**EXERCISE INSTRUCTIONS**
Every line below is to be given again precisely; images are to be left out.

==== TASK MATERIAL ====

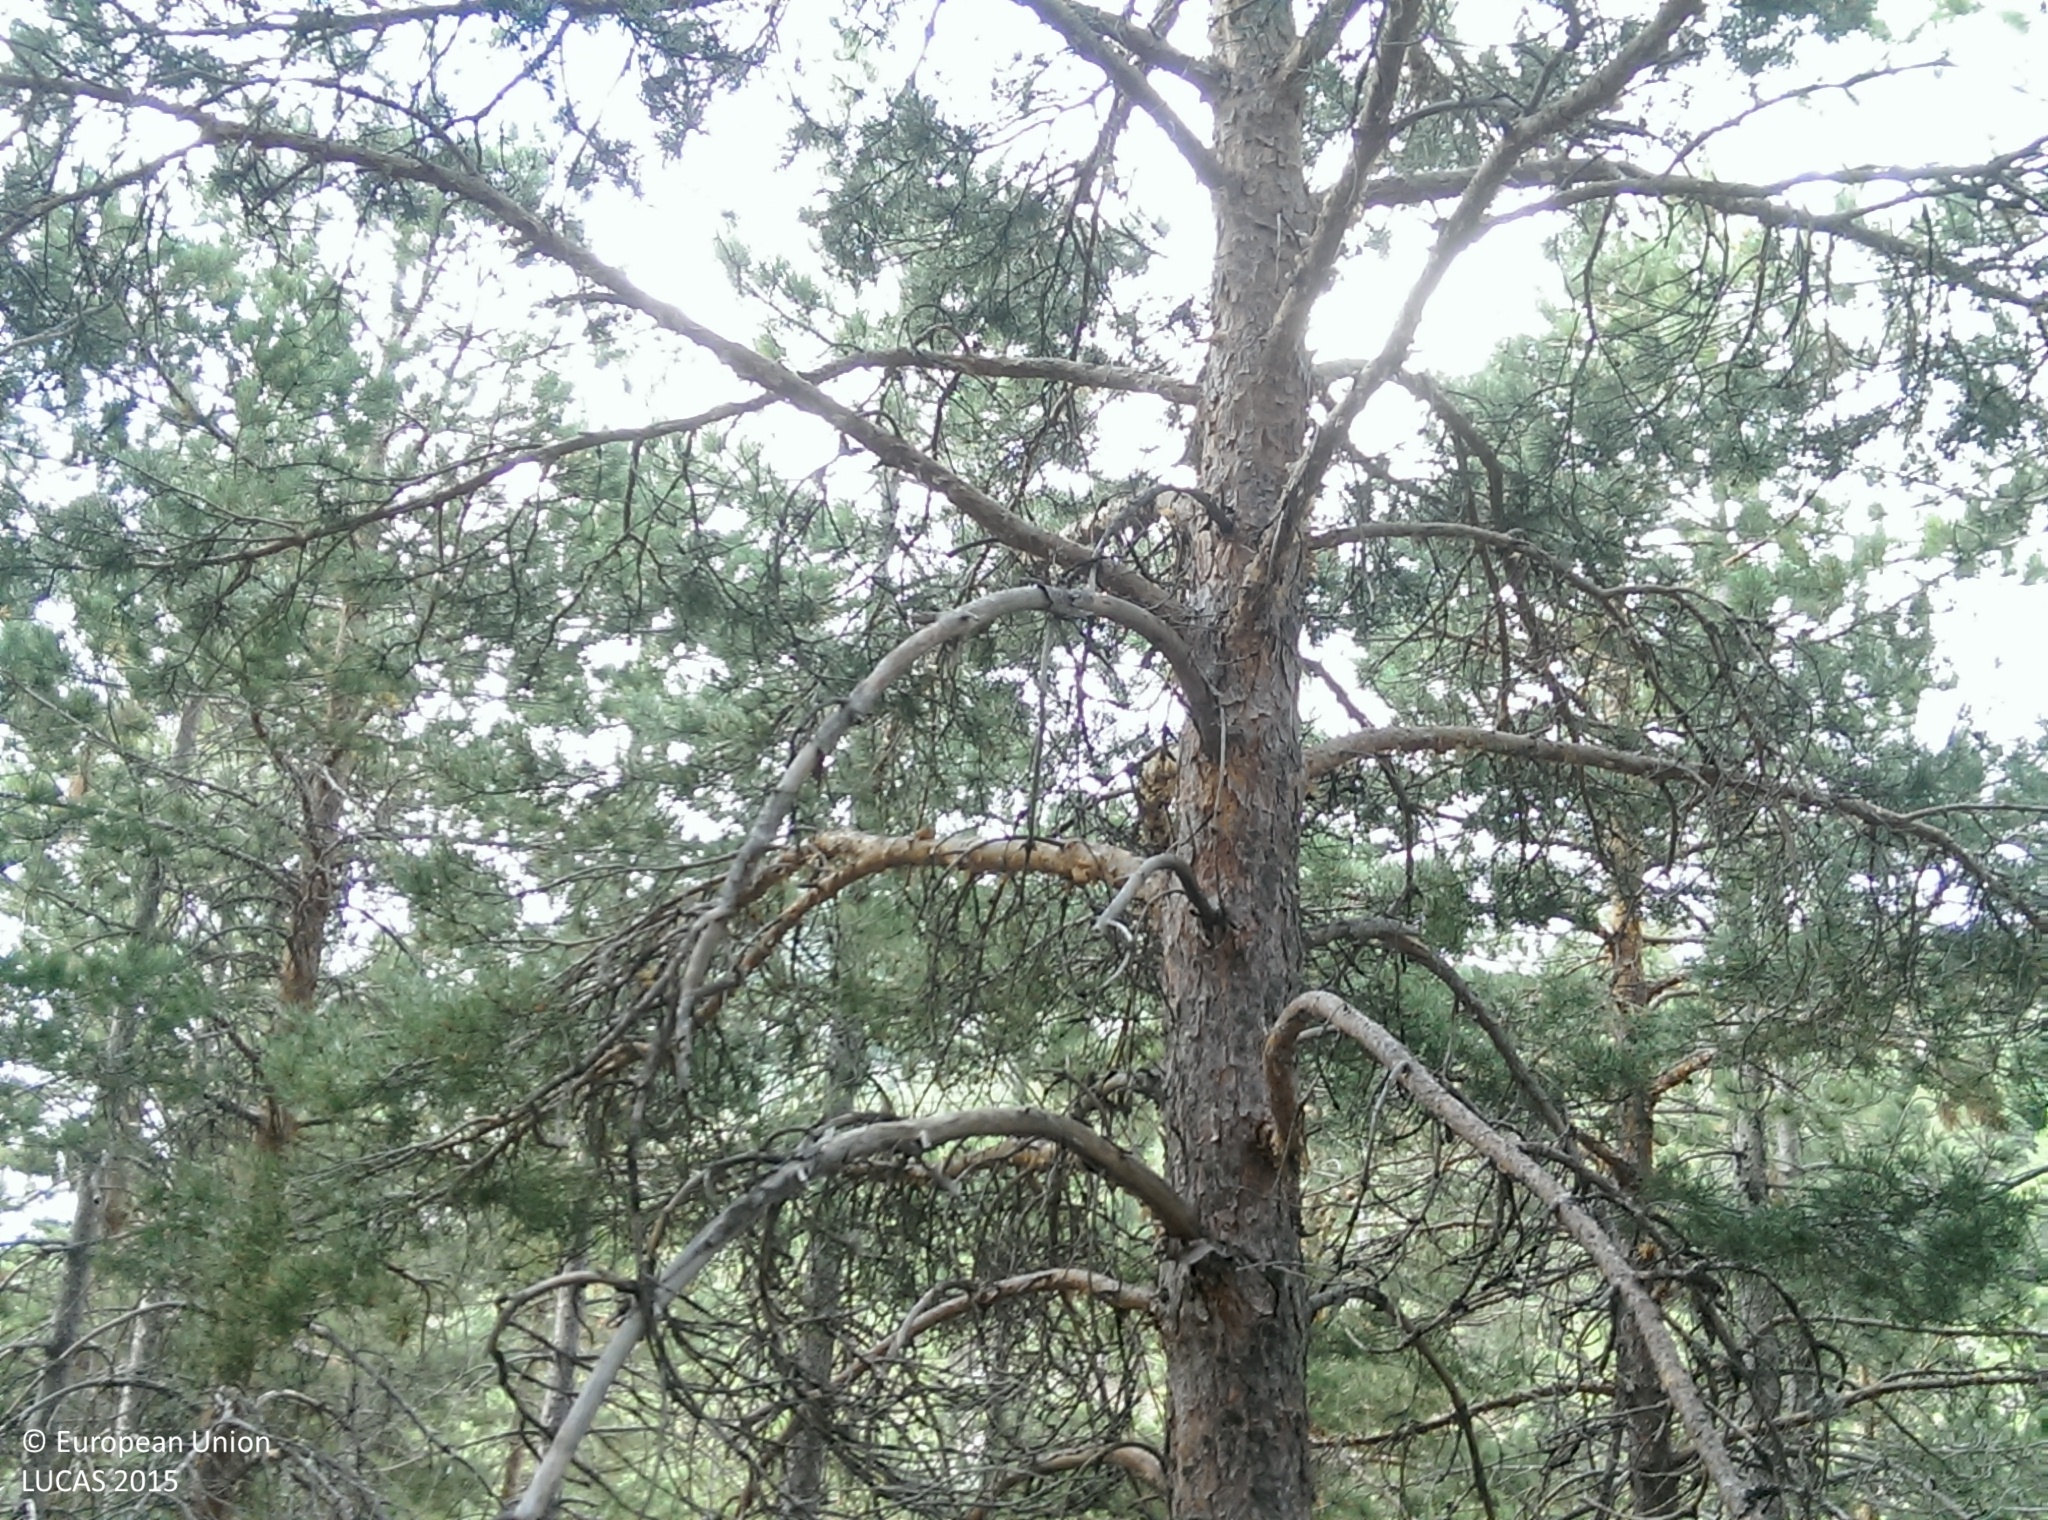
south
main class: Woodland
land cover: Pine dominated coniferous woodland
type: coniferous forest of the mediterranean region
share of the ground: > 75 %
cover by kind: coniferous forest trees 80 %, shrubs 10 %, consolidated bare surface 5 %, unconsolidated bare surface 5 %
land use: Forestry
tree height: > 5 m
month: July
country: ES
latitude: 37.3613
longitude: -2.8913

====

**ANSWER TO THIS PROBLEM**
south
main class: Woodland
land cover: Pine dominated coniferous woodland
type: coniferous forest of the mediterranean region
share of the ground: > 75 %
cover by kind: coniferous forest trees 80 %, shrubs 10 %, consolidated bare surface 5 %, unconsolidated bare surface 5 %
land use: Forestry
tree height: > 5 m
month: July
country: ES
latitude: 37.3613
longitude: -2.8913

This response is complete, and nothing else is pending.